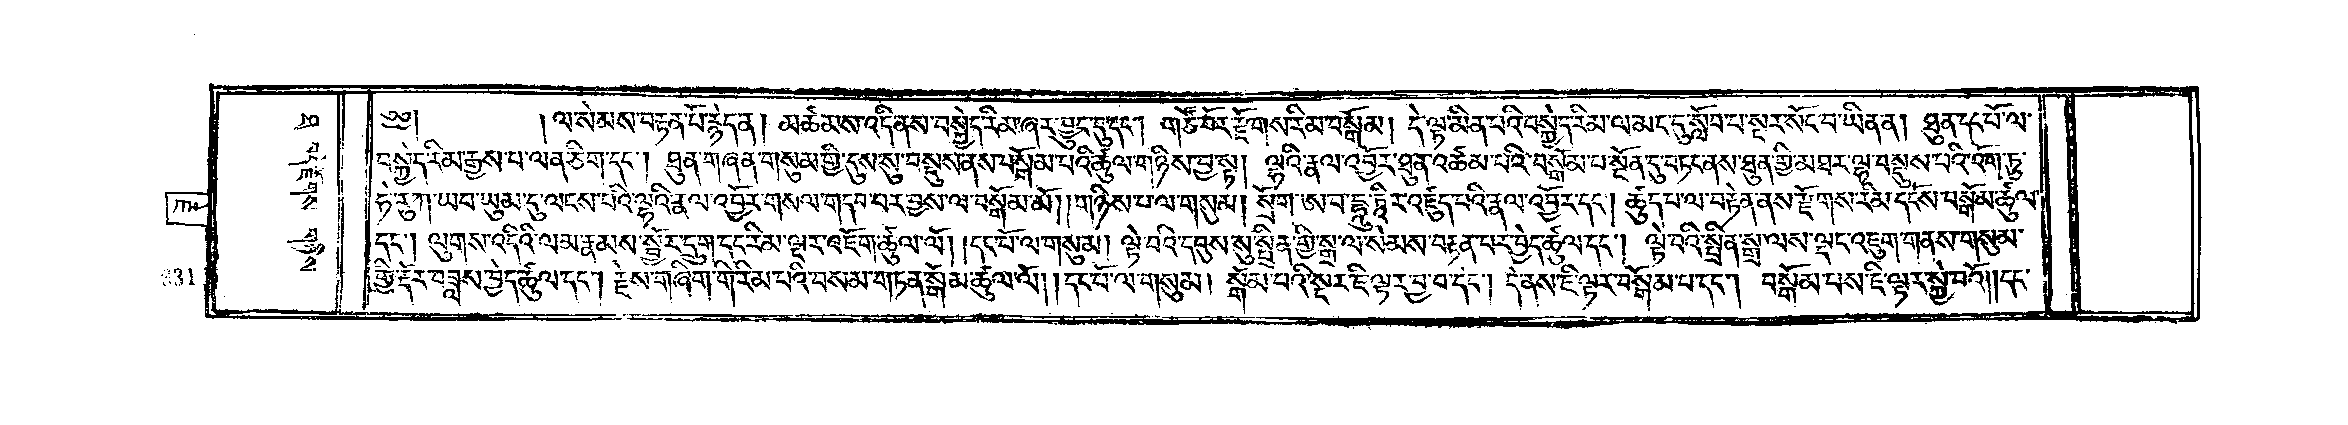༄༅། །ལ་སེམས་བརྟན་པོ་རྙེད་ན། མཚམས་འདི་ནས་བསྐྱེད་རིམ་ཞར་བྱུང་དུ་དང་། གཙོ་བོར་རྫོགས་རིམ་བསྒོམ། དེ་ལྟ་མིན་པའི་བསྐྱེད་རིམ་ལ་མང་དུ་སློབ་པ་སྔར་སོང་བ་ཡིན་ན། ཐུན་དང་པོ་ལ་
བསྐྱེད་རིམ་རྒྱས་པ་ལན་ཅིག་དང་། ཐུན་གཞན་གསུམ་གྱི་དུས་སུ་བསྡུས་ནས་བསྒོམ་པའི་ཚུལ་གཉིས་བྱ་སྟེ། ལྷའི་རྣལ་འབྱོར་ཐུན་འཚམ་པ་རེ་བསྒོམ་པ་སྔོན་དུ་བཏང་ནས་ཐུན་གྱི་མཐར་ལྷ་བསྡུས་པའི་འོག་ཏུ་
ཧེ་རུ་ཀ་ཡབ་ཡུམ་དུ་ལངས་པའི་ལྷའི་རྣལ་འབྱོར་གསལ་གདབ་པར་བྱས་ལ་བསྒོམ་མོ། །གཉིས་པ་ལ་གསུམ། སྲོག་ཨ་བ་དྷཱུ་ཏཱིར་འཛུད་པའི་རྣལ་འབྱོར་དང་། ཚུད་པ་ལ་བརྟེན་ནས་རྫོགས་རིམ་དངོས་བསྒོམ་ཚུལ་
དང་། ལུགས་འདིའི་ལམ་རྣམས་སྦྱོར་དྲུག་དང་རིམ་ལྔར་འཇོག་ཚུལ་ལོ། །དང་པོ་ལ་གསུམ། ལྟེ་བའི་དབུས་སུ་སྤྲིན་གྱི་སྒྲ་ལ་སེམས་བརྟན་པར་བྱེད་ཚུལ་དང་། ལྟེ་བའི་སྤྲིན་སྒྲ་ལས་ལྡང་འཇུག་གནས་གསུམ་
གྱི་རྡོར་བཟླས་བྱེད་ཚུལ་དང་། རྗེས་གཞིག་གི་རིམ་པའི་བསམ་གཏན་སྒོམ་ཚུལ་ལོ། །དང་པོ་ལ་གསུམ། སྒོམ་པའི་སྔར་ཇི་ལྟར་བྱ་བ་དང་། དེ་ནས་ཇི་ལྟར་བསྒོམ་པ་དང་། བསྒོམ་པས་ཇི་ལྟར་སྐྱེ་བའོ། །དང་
•••••
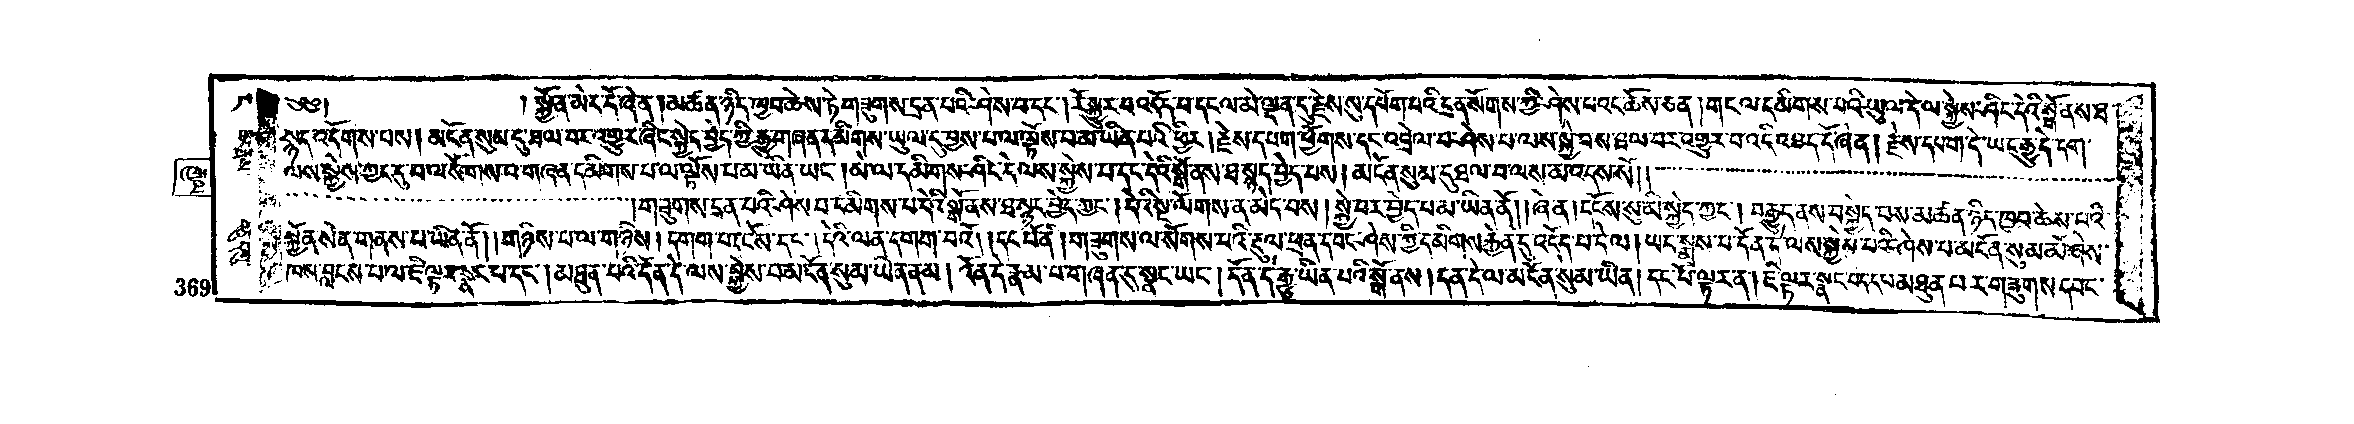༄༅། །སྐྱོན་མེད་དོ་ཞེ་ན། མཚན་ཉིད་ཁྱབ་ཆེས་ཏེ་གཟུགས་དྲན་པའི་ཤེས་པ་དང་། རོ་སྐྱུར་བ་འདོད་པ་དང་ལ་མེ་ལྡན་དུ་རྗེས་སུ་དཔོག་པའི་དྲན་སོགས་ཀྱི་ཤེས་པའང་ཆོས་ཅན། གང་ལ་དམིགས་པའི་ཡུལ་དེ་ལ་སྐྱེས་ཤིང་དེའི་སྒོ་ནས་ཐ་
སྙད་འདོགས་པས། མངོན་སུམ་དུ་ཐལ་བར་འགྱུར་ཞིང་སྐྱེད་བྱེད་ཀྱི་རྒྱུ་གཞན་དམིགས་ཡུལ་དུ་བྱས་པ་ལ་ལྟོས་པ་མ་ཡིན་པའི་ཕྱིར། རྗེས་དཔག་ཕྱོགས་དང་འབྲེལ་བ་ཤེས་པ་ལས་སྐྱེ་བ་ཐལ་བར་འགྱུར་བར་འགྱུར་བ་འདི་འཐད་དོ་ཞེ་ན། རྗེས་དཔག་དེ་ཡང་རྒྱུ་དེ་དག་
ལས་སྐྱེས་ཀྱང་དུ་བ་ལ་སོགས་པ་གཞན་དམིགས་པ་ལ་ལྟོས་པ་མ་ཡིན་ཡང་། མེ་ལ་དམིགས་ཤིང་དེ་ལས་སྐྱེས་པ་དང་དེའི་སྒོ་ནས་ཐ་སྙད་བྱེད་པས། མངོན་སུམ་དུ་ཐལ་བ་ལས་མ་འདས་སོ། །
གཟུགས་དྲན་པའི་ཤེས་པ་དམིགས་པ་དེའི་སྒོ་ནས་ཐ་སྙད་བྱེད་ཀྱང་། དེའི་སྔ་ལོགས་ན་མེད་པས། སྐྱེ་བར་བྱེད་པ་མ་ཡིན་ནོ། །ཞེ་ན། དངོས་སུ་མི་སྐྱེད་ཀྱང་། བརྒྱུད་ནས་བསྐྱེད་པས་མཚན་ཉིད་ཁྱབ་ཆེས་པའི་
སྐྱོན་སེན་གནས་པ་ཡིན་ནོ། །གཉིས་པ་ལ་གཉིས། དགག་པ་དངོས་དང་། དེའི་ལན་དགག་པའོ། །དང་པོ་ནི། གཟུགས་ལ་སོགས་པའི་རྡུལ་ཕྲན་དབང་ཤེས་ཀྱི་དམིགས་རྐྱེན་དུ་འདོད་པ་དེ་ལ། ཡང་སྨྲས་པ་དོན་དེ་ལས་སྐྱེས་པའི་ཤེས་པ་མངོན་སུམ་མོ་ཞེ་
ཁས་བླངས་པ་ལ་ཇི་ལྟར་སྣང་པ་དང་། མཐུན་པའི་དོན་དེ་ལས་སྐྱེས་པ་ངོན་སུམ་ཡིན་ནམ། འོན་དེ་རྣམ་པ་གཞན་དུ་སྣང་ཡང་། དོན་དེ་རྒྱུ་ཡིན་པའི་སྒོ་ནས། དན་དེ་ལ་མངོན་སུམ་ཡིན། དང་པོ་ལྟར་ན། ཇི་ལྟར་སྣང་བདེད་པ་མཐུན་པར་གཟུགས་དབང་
•••••
• TASK PROMPT:
In the entries above, please find the line with "སྐྱོན་སེན་གནས་པ་ཡིན་ནོ། །གཉིས་པ་ལ་གཉིས། དགག་པ་དངོས་དང་།" and the line with "དོན་དེ་རྒྱུ་ཡིན་པའི་སྒོ་ནས། དན་དེ་ལ་མངོན་སུམ་ཡིན། དང་པོ་ལྟར་ན།", then write out exactly those two lines and every line between them, and nothing more.

• SOLUTION TO THIS TASK:
སྐྱོན་སེན་གནས་པ་ཡིན་ནོ། །གཉིས་པ་ལ་གཉིས། དགག་པ་དངོས་དང་། དེའི་ལན་དགག་པའོ། །དང་པོ་ནི། གཟུགས་ལ་སོགས་པའི་རྡུལ་ཕྲན་དབང་ཤེས་ཀྱི་དམིགས་རྐྱེན་དུ་འདོད་པ་དེ་ལ། ཡང་སྨྲས་པ་དོན་དེ་ལས་སྐྱེས་པའི་ཤེས་པ་མངོན་སུམ་མོ་ཞེ་
ཁས་བླངས་པ་ལ་ཇི་ལྟར་སྣང་པ་དང་། མཐུན་པའི་དོན་དེ་ལས་སྐྱེས་པ་ངོན་སུམ་ཡིན་ནམ། འོན་དེ་རྣམ་པ་གཞན་དུ་སྣང་ཡང་། དོན་དེ་རྒྱུ་ཡིན་པའི་སྒོ་ནས། དན་དེ་ལ་མངོན་སུམ་ཡིན། དང་པོ་ལྟར་ན། ཇི་ལྟར་སྣང་བདེད་པ་མཐུན་པར་གཟུགས་དབང་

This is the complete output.